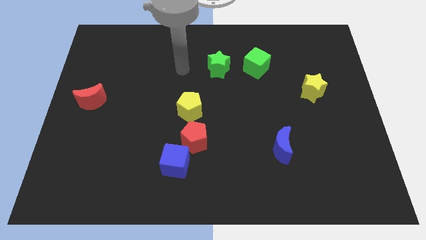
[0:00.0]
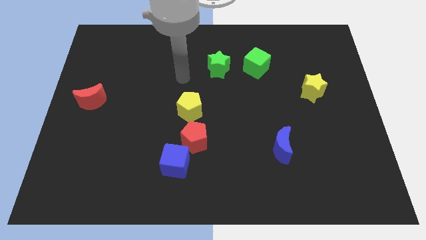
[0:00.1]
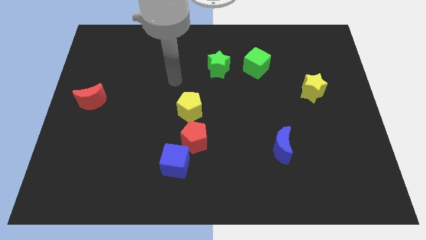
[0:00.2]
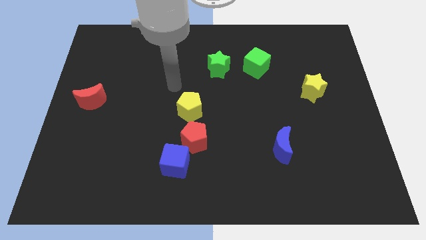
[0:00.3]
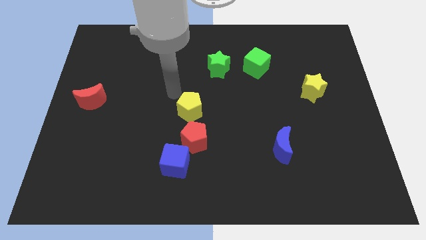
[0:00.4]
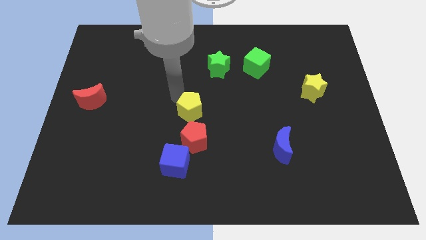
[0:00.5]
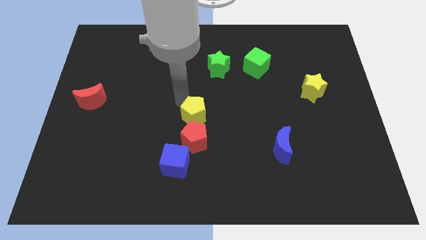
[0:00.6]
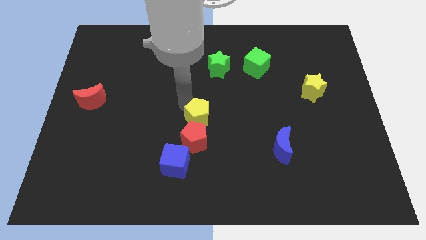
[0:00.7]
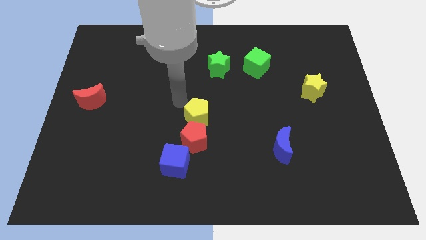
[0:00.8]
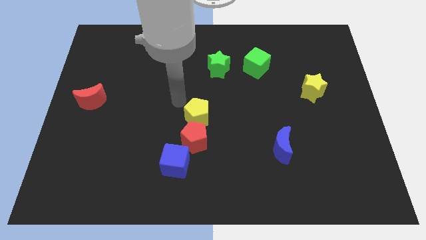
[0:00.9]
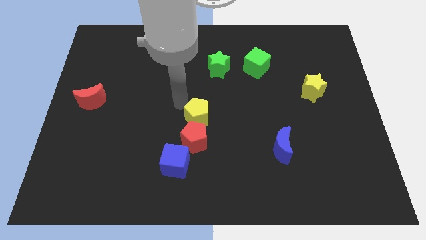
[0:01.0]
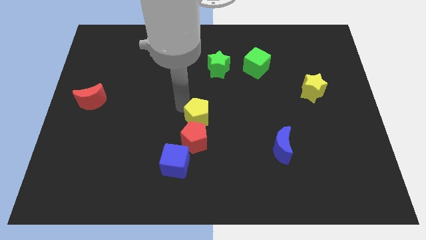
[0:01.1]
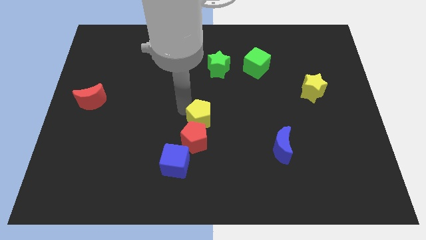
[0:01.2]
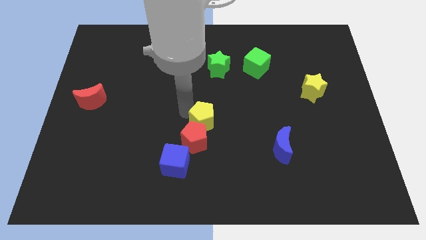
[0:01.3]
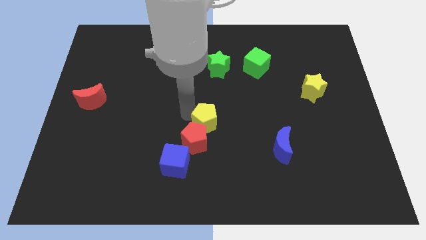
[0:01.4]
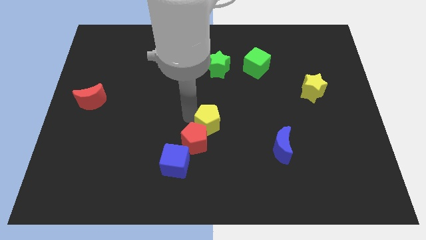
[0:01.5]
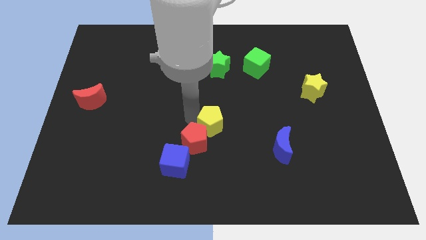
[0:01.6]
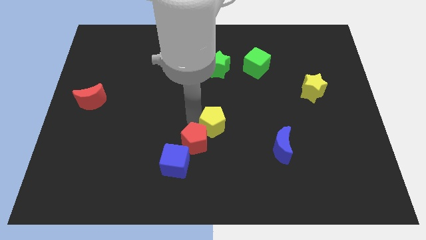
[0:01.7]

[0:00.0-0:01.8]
move the yellow pentagon down and then right slightly

■ **WHAT IS REQUIRED**: Everything in the listing above must be restated word for word, except the images.

■ **RESULT OF THE TASK**:
[0:00.0]
[0:00.1]
[0:00.2]
[0:00.3]
[0:00.4]
[0:00.5]
[0:00.6]
[0:00.7]
[0:00.8]
[0:00.9]
[0:01.0]
[0:01.1]
[0:01.2]
[0:01.3]
[0:01.4]
[0:01.5]
[0:01.6]
[0:01.7]

[0:00.0-0:01.8]
move the yellow pentagon down and then right slightly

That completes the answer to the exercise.